ABOUT THIS EXERCISE> Could the listing below be returned exactly, with its pictures left out?

DATA FOR THIS TASK>
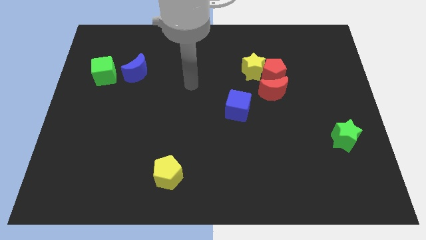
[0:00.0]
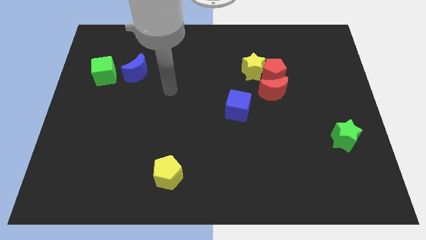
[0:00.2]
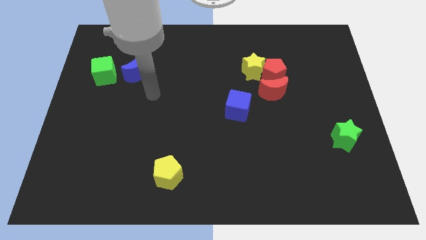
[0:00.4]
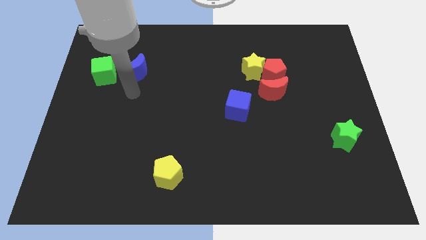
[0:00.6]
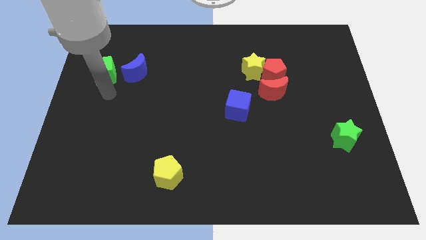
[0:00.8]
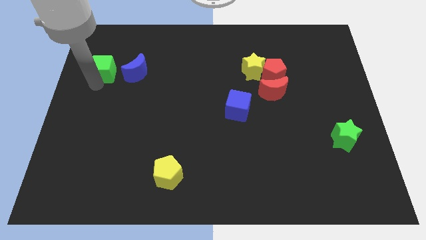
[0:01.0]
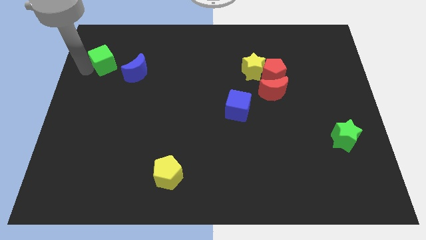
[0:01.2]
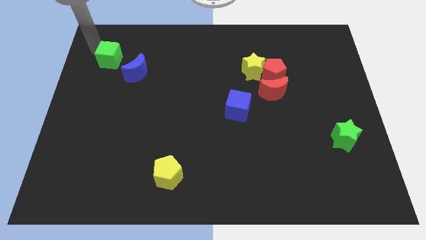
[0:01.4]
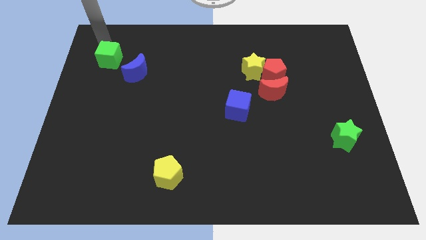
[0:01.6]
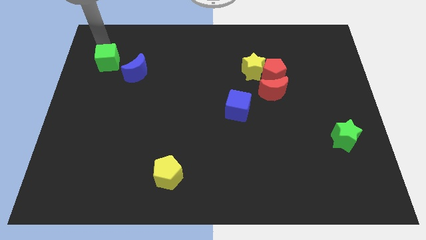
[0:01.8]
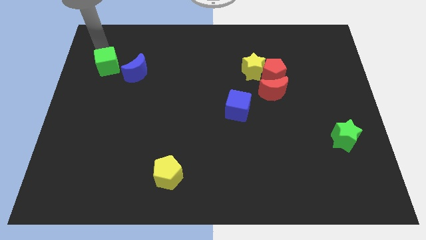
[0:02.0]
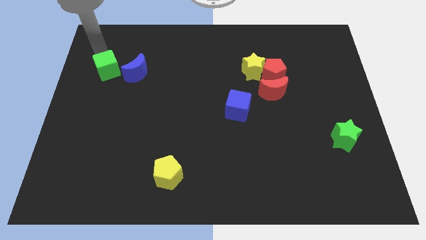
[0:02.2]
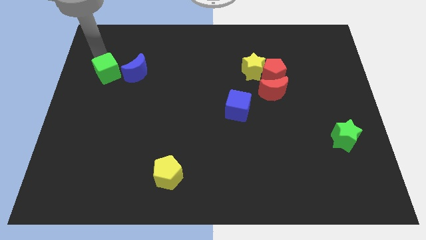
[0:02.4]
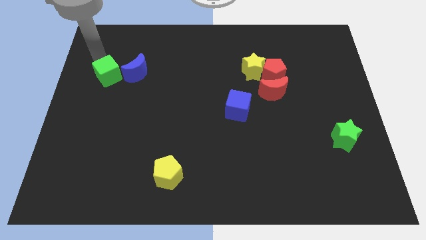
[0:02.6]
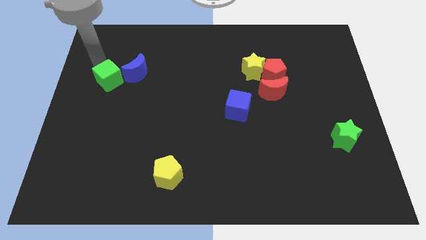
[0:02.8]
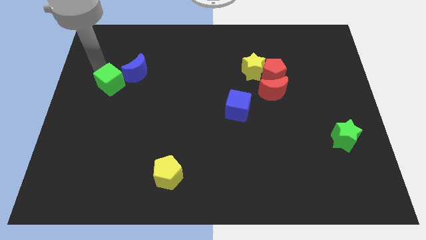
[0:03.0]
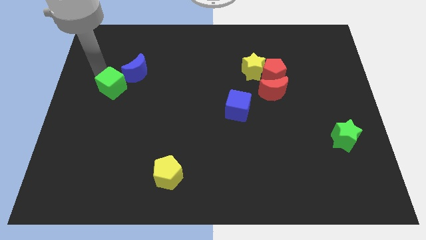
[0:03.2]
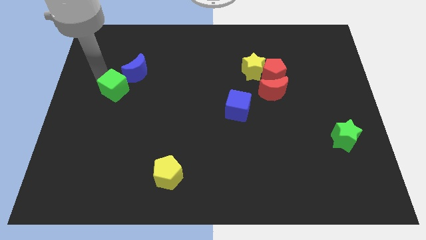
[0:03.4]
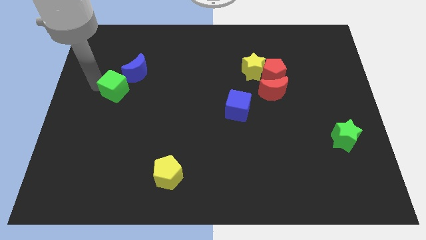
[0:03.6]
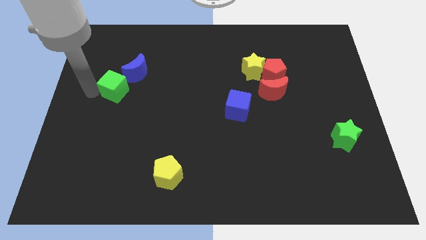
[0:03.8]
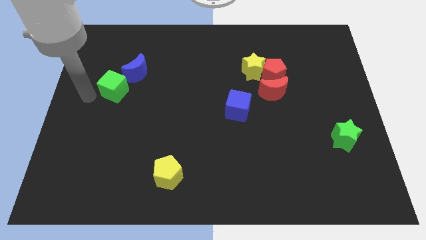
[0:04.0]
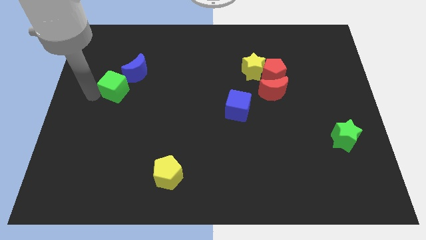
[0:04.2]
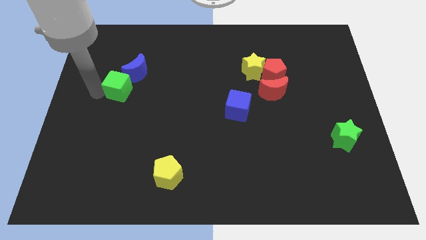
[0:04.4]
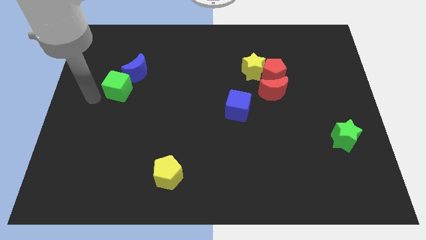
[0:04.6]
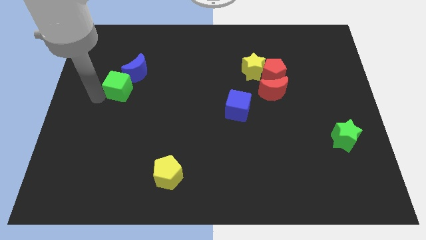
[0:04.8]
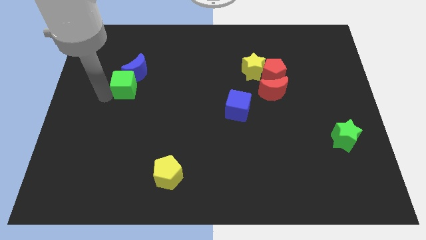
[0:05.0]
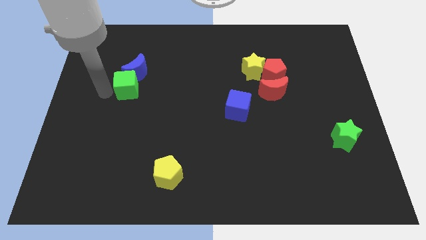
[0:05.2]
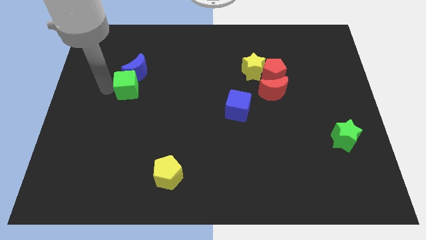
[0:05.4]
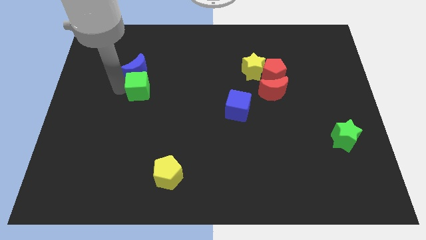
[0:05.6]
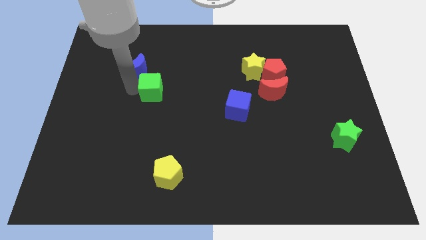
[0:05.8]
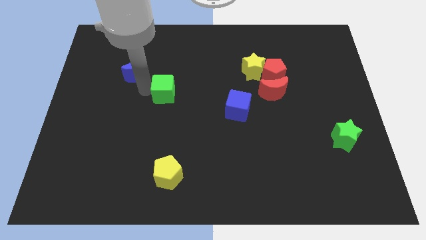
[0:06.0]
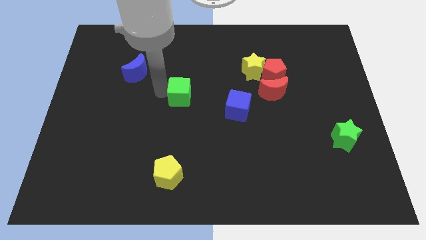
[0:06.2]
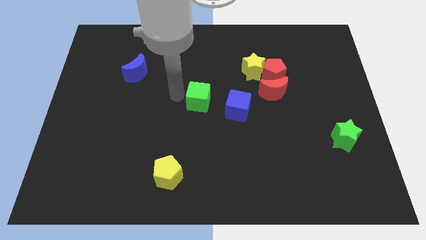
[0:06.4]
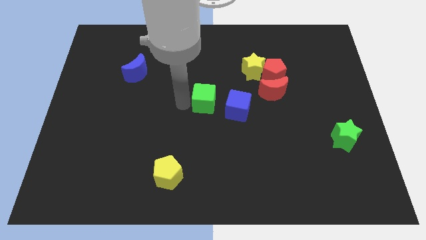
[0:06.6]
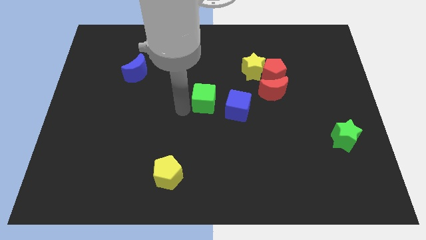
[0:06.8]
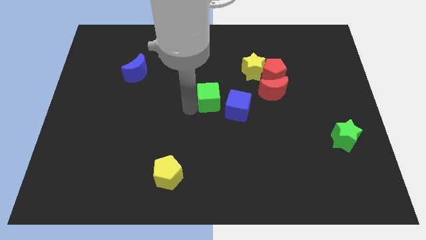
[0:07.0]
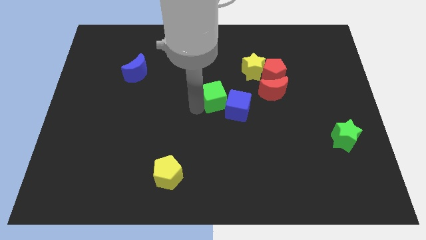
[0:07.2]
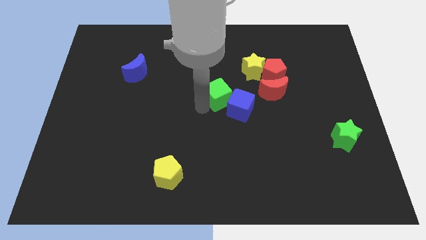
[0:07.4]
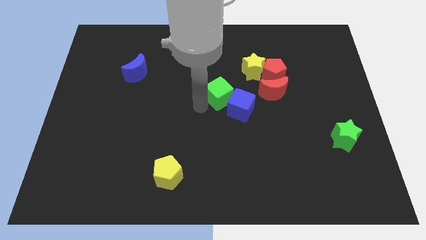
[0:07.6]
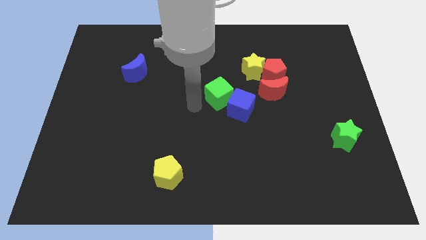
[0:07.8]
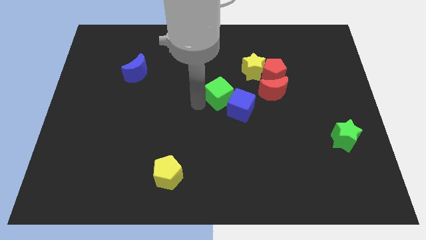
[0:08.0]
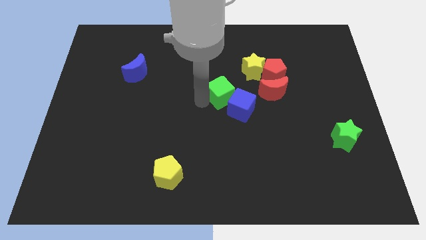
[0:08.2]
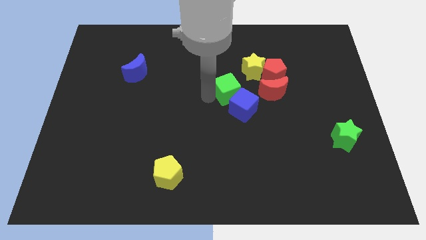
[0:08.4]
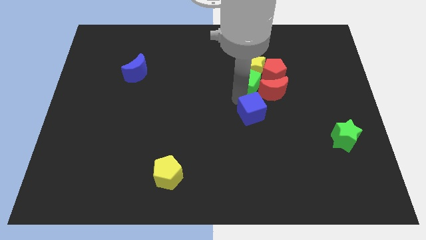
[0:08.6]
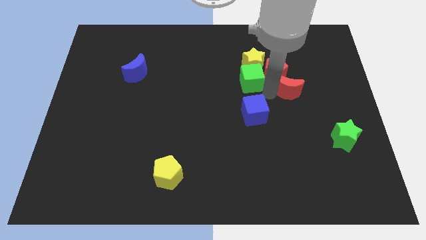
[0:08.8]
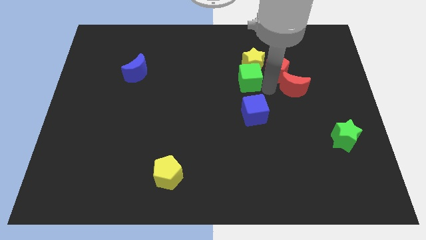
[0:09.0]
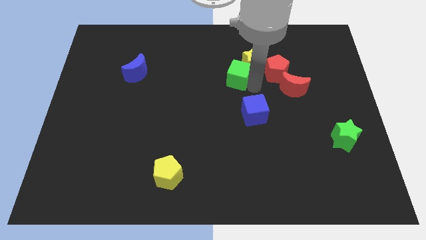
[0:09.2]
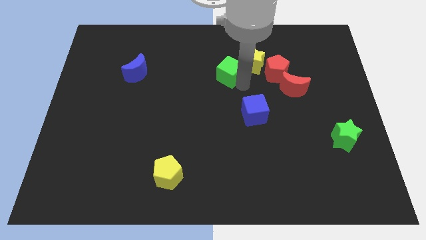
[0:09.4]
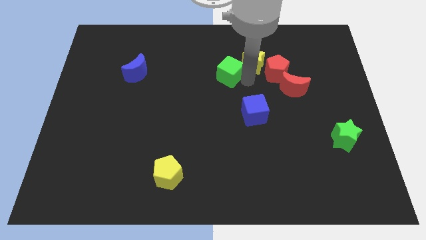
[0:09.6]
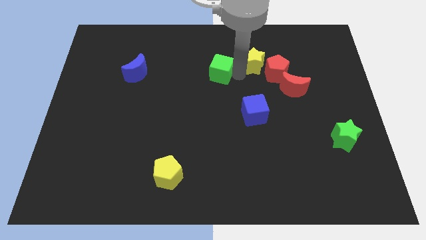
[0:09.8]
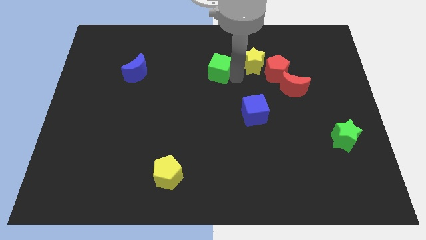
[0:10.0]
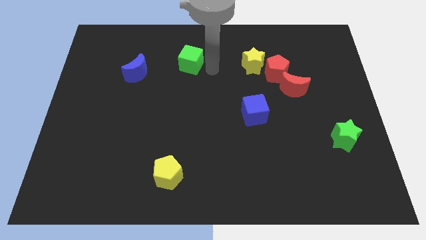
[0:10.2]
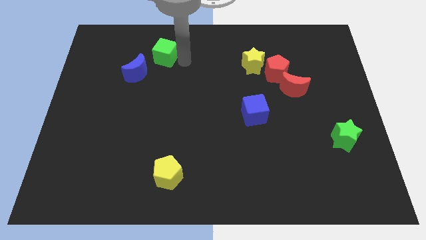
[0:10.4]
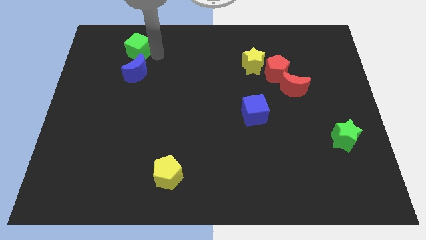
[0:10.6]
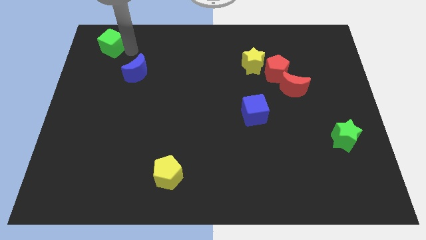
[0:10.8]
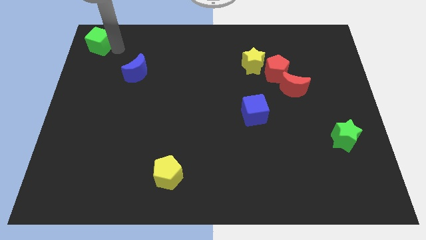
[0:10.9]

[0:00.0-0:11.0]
put the green cube to the top left

WRITTEN ANSWER>
[0:00.0]
[0:00.2]
[0:00.4]
[0:00.6]
[0:00.8]
[0:01.0]
[0:01.2]
[0:01.4]
[0:01.6]
[0:01.8]
[0:02.0]
[0:02.2]
[0:02.4]
[0:02.6]
[0:02.8]
[0:03.0]
[0:03.2]
[0:03.4]
[0:03.6]
[0:03.8]
[0:04.0]
[0:04.2]
[0:04.4]
[0:04.6]
[0:04.8]
[0:05.0]
[0:05.2]
[0:05.4]
[0:05.6]
[0:05.8]
[0:06.0]
[0:06.2]
[0:06.4]
[0:06.6]
[0:06.8]
[0:07.0]
[0:07.2]
[0:07.4]
[0:07.6]
[0:07.8]
[0:08.0]
[0:08.2]
[0:08.4]
[0:08.6]
[0:08.8]
[0:09.0]
[0:09.2]
[0:09.4]
[0:09.6]
[0:09.8]
[0:10.0]
[0:10.2]
[0:10.4]
[0:10.6]
[0:10.8]
[0:10.9]

[0:00.0-0:11.0]
put the green cube to the top left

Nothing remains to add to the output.